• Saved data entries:

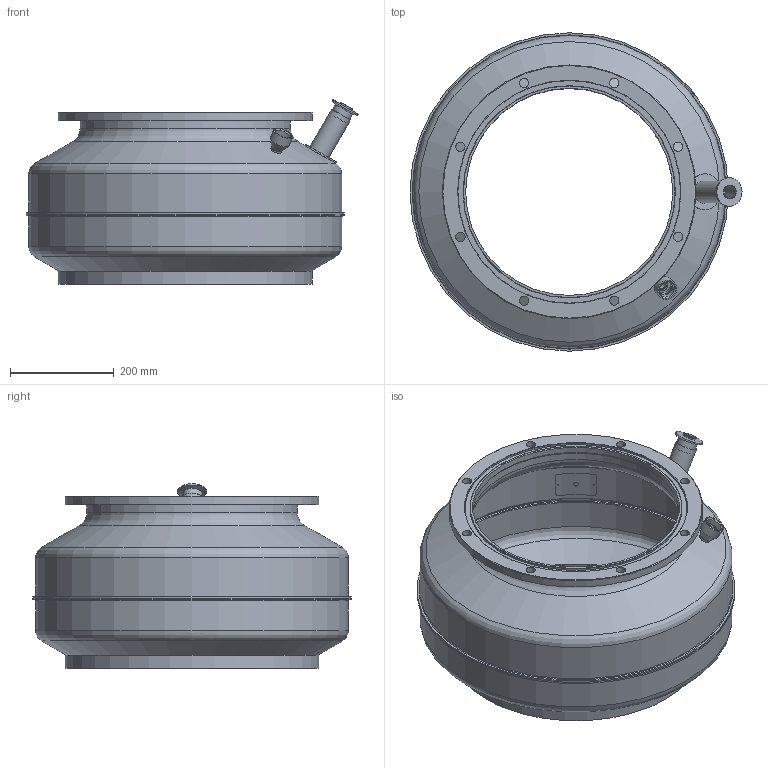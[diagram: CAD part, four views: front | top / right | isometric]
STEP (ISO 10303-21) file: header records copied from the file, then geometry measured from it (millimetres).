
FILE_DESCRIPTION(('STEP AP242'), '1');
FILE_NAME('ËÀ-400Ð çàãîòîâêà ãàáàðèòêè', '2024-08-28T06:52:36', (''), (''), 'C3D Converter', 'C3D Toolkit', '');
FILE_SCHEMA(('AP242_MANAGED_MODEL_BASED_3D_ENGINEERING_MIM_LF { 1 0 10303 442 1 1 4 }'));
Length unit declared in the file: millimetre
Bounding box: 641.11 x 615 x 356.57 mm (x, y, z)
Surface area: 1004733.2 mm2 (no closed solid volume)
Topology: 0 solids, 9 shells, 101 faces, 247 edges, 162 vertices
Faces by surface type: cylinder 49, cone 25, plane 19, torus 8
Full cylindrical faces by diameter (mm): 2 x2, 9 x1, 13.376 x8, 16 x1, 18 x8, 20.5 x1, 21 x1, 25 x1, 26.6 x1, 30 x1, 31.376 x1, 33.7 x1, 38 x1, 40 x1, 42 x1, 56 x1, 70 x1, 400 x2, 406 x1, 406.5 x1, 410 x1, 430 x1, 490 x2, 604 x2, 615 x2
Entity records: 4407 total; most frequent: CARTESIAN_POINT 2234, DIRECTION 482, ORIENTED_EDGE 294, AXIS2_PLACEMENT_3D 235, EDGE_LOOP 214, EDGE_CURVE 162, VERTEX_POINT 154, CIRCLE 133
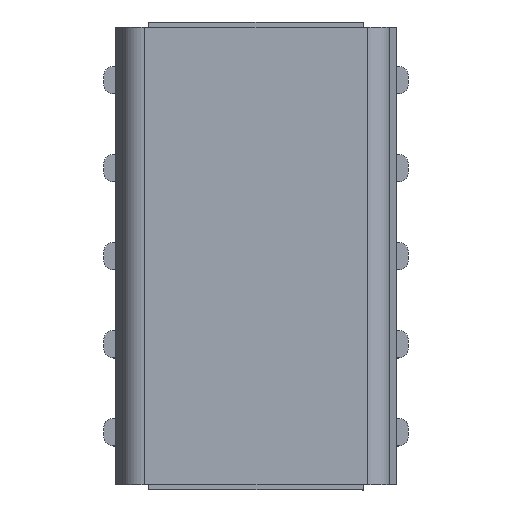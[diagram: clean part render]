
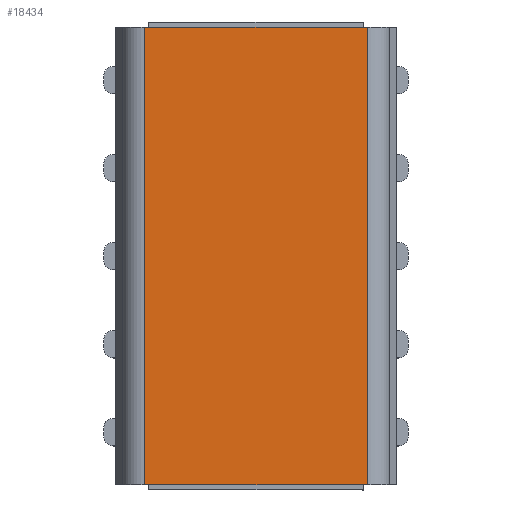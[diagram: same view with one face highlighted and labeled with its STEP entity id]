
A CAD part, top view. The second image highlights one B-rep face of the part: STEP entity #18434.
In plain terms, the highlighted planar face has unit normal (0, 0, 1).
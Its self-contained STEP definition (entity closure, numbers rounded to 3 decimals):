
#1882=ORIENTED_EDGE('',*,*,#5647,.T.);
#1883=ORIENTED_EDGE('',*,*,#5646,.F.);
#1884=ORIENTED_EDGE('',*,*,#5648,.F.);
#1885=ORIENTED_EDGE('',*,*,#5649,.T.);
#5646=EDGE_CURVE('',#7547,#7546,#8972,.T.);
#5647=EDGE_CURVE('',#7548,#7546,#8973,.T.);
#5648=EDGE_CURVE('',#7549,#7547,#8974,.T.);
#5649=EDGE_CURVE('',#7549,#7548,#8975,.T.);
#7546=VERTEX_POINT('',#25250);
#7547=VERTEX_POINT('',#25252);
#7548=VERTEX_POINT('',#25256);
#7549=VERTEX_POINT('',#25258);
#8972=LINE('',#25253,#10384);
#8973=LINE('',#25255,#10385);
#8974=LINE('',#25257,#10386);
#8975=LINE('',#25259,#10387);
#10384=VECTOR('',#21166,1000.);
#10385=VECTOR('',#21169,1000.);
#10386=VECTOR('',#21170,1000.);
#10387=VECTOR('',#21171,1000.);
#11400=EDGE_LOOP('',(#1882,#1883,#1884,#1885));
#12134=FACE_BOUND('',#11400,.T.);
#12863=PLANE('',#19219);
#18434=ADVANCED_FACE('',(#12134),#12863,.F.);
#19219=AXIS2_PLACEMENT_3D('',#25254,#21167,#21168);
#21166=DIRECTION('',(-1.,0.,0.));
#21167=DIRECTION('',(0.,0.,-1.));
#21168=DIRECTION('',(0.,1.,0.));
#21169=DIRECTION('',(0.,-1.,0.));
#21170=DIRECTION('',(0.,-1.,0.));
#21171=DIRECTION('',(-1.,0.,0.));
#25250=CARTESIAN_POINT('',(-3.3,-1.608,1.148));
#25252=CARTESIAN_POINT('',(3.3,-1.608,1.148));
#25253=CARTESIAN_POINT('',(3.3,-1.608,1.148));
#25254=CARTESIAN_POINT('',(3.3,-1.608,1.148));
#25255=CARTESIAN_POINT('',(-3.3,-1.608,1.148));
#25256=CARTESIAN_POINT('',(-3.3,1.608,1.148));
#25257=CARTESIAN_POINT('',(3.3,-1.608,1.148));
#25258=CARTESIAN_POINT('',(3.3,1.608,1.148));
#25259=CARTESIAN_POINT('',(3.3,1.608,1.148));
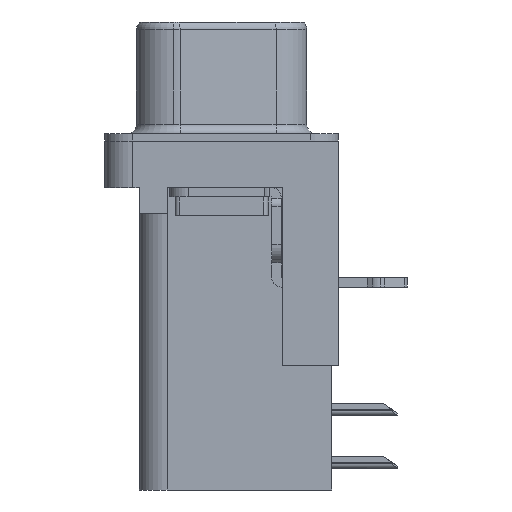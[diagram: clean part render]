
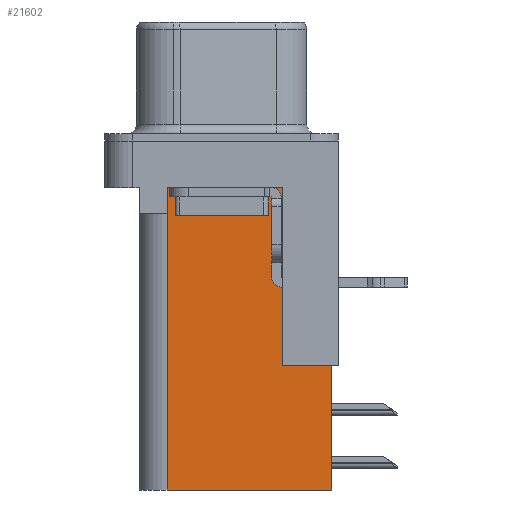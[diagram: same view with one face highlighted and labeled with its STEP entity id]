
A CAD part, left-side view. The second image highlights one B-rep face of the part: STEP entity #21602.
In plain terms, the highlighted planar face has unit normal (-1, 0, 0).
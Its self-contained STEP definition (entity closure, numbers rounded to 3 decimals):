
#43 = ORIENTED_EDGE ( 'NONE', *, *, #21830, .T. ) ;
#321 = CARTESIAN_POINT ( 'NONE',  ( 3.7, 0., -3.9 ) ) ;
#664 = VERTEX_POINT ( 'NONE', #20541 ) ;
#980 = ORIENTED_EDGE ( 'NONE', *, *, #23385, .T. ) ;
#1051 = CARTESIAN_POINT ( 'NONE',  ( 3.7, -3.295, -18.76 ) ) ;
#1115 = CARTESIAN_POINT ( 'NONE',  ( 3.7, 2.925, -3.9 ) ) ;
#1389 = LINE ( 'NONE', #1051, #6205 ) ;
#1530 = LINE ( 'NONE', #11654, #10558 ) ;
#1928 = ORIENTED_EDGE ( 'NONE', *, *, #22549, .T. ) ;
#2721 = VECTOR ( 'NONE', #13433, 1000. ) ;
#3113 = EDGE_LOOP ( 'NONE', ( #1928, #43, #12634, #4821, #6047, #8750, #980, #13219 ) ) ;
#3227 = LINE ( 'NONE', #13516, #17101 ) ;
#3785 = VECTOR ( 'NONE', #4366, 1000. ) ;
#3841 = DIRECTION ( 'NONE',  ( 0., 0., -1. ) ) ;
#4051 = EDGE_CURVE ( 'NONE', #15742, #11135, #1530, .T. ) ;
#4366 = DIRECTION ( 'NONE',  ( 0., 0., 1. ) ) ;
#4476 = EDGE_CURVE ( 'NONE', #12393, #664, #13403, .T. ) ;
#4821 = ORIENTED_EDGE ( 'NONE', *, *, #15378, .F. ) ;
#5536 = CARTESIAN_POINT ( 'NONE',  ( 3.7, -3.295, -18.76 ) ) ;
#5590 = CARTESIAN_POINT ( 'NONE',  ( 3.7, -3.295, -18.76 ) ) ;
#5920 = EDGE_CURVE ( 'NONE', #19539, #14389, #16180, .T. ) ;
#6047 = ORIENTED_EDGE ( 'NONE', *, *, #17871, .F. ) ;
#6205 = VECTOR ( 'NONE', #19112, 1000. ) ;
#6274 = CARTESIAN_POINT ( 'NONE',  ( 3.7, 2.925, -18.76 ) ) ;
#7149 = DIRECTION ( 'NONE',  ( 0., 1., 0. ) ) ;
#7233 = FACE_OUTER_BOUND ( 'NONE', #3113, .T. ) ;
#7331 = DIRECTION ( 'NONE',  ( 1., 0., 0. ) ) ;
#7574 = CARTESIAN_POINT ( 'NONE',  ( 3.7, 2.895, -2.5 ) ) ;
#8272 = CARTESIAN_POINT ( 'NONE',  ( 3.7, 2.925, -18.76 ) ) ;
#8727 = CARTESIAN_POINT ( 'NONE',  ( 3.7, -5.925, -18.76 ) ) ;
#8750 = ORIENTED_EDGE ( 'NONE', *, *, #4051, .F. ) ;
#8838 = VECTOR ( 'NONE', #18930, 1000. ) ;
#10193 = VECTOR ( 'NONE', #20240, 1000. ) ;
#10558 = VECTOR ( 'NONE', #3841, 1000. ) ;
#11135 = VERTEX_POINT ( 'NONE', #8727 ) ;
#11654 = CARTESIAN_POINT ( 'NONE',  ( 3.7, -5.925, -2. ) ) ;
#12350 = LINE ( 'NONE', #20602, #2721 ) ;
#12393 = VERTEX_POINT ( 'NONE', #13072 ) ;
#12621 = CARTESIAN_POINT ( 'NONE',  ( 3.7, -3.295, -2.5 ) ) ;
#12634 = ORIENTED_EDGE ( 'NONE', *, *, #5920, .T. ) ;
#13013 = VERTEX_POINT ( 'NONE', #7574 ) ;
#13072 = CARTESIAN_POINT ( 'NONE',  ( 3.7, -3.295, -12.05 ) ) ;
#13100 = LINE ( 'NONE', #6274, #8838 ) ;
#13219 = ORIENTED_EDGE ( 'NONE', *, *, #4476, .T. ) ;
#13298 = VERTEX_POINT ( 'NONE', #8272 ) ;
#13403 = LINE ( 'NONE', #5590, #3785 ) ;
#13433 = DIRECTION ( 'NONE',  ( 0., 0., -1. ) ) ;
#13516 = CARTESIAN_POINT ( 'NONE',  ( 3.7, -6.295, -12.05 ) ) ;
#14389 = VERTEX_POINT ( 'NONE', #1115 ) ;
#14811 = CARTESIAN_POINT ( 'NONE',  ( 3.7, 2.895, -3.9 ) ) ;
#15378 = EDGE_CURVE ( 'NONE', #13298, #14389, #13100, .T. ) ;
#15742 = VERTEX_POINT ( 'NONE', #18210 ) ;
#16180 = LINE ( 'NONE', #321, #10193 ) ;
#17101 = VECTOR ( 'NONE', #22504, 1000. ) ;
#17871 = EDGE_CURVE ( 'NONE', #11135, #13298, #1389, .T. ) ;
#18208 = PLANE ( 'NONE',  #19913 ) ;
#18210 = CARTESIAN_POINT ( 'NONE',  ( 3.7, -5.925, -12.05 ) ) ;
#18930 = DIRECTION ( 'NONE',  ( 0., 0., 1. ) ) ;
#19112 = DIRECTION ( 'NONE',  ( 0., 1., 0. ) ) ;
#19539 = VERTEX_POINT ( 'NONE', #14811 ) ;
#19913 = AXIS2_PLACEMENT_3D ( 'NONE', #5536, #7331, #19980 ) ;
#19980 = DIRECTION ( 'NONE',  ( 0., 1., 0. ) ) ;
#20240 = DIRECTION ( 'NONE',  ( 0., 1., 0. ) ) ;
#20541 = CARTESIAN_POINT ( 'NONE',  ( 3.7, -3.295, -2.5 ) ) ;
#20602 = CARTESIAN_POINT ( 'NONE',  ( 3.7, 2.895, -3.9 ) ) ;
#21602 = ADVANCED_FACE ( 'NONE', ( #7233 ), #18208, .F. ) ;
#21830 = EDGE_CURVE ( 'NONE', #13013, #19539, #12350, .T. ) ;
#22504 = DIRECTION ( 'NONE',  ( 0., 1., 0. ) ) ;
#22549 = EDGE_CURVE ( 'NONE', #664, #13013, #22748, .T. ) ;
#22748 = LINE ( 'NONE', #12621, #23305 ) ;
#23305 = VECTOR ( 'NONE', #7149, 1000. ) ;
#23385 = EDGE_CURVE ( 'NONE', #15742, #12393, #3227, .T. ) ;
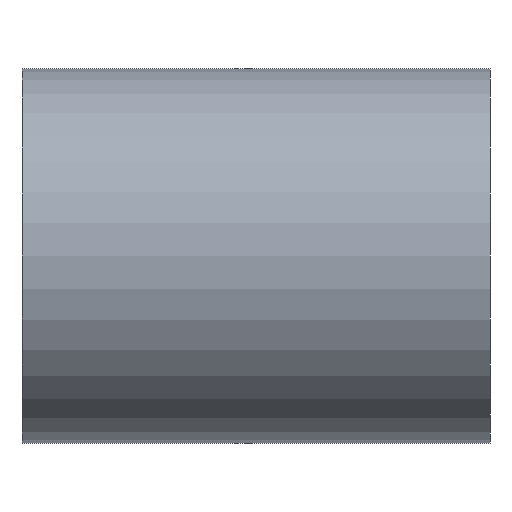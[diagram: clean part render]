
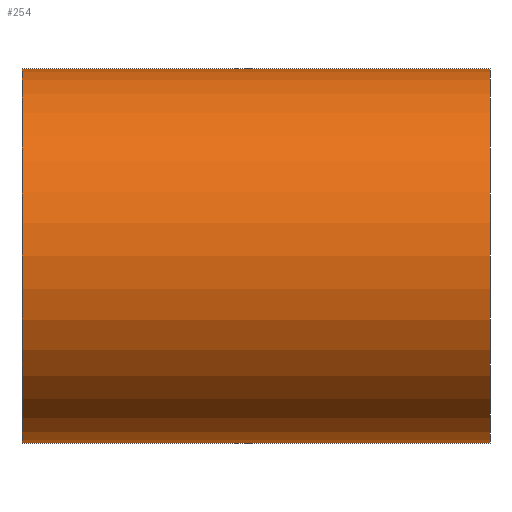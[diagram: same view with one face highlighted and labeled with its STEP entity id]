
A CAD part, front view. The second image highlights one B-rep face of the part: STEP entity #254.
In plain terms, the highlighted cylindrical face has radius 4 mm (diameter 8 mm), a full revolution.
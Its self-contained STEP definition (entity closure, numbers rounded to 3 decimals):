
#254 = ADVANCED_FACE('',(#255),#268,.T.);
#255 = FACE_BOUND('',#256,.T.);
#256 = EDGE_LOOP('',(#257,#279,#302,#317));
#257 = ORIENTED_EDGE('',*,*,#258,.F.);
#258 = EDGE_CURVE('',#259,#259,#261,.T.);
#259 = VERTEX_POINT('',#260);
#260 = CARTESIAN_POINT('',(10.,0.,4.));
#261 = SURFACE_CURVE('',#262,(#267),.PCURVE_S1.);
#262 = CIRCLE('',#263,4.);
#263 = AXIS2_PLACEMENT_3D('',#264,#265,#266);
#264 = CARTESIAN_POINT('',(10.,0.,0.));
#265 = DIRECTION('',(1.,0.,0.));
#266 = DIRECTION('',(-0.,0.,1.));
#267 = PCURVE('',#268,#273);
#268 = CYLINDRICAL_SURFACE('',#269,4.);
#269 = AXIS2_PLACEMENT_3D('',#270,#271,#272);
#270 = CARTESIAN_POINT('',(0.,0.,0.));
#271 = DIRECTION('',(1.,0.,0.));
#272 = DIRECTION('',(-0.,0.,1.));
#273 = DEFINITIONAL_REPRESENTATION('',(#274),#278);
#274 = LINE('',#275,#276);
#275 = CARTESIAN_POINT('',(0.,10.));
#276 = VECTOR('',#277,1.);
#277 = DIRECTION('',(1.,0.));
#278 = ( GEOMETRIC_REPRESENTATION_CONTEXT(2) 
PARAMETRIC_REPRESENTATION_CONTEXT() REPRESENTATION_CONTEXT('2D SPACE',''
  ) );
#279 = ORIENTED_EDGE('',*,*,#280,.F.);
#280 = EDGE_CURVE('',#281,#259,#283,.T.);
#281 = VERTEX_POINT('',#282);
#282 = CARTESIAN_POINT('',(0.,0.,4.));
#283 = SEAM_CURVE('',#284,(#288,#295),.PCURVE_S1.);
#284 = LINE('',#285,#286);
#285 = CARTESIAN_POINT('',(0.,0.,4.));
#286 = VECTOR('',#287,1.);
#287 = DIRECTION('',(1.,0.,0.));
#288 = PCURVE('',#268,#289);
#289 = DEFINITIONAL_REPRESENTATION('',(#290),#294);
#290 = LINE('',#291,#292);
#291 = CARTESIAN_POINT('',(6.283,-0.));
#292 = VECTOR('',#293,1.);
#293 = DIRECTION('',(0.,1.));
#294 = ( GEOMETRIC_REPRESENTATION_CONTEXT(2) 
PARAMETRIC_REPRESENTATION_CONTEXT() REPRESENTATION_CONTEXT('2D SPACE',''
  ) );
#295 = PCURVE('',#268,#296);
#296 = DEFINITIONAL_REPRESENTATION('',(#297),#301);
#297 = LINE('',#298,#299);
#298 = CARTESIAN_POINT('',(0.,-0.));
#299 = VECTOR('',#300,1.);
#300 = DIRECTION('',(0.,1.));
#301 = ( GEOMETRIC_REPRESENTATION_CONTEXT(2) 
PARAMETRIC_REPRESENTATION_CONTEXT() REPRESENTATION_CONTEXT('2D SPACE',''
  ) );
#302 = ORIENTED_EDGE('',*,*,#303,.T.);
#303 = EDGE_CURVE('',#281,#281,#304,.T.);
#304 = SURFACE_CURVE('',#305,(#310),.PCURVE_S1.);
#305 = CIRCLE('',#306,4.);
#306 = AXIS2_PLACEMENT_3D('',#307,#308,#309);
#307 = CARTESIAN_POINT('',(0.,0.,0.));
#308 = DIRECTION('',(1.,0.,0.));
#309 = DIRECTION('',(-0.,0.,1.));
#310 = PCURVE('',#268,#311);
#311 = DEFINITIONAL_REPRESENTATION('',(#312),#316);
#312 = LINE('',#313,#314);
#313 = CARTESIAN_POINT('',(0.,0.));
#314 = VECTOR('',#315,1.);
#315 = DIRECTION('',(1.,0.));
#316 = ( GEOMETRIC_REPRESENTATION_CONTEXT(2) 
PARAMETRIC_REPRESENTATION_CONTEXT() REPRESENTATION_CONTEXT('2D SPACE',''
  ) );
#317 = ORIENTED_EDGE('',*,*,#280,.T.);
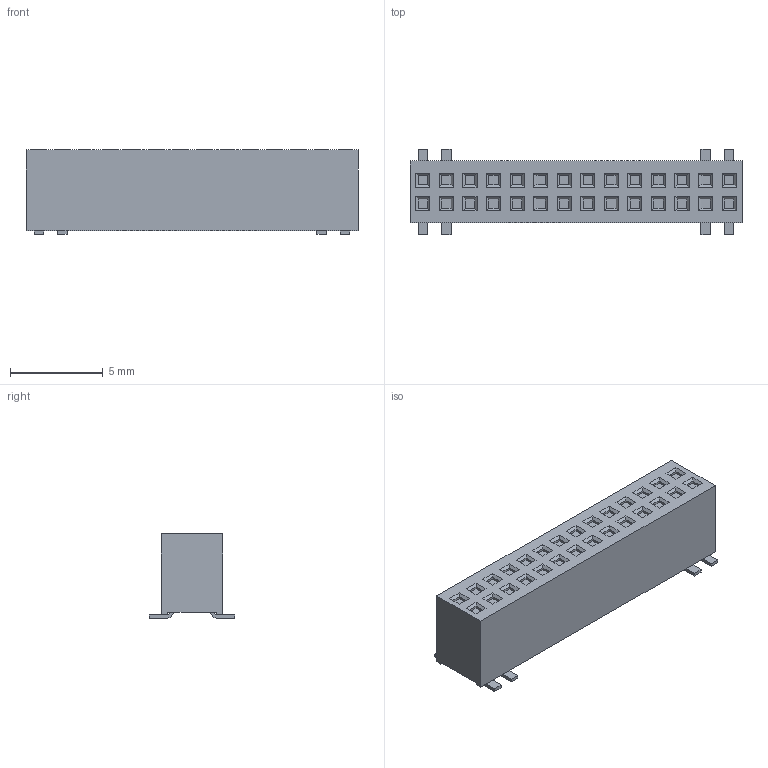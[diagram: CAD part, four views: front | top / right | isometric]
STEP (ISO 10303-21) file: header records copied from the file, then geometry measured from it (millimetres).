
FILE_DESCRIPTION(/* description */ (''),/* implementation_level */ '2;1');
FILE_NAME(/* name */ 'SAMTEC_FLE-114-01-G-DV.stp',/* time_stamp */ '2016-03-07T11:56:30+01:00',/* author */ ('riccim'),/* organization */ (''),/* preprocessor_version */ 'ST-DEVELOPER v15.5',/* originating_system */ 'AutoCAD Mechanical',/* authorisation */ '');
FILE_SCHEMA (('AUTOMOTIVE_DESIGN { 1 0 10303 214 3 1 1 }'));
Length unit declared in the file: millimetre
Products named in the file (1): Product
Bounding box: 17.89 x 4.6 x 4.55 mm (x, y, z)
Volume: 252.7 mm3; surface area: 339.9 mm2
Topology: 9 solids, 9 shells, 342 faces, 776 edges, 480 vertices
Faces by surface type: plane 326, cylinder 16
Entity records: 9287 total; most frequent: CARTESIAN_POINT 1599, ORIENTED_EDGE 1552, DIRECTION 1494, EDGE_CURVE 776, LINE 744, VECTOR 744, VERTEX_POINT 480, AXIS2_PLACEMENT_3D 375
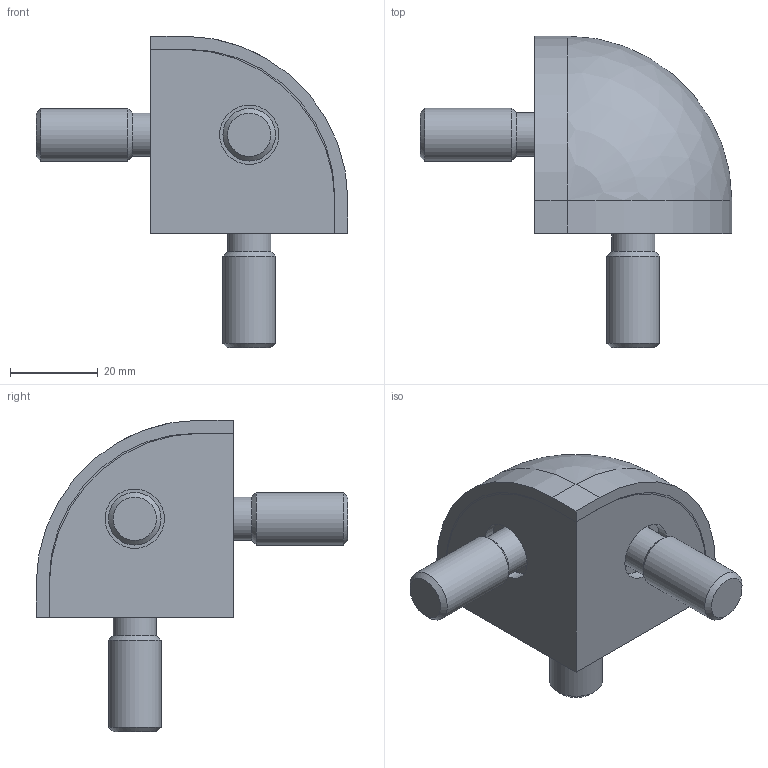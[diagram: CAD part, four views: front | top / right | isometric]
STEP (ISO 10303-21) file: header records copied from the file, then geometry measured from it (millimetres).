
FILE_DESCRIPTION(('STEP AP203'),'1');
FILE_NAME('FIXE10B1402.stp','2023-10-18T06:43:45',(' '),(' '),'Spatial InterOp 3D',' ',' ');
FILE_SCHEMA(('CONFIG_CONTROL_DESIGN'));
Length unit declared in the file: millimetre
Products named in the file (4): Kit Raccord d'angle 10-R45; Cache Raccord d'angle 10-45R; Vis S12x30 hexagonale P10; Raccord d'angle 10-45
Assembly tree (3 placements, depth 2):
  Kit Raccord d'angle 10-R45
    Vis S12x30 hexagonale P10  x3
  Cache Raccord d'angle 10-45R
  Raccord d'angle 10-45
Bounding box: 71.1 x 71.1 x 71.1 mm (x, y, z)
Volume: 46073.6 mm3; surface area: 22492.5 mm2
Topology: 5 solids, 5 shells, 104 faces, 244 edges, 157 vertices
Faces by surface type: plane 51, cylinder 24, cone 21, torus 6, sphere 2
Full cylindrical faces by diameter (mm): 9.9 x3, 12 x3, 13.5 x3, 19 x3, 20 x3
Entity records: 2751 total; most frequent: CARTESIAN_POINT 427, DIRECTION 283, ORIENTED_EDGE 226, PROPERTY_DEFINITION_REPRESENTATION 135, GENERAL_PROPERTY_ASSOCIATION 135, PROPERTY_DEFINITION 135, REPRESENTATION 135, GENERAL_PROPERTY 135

• WHAT THE TASK ASKS: Keep the pictures out and repeat exactly the lines from the beginning of the data through the line that contains "Faces by surface type: cylinder", both ends included.

• RESULT:
[diagram: CAD part, four views: front | top / right | isometric]
STEP (ISO 10303-21) file: header records copied from the file, then geometry measured from it (millimetres).
FILE_DESCRIPTION(('STEP AP242'), '1');
FILE_NAME('ËÀ-400Ð çàãîòîâêà ãàáàðèòêè', '2024-08-28T06:52:36', (''), (''), 'C3D Converter', 'C3D Toolkit', '');
FILE_SCHEMA(('AP242_MANAGED_MODEL_BASED_3D_ENGINEERING_MIM_LF { 1 0 10303 442 1 1 4 }'));
Length unit declared in the file: millimetre
Bounding box: 641.11 x 615 x 356.57 mm (x, y, z)
Surface area: 1004733.2 mm2 (no closed solid volume)
Topology: 0 solids, 9 shells, 101 faces, 247 edges, 162 vertices
Faces by surface type: cylinder 49, cone 25, plane 19, torus 8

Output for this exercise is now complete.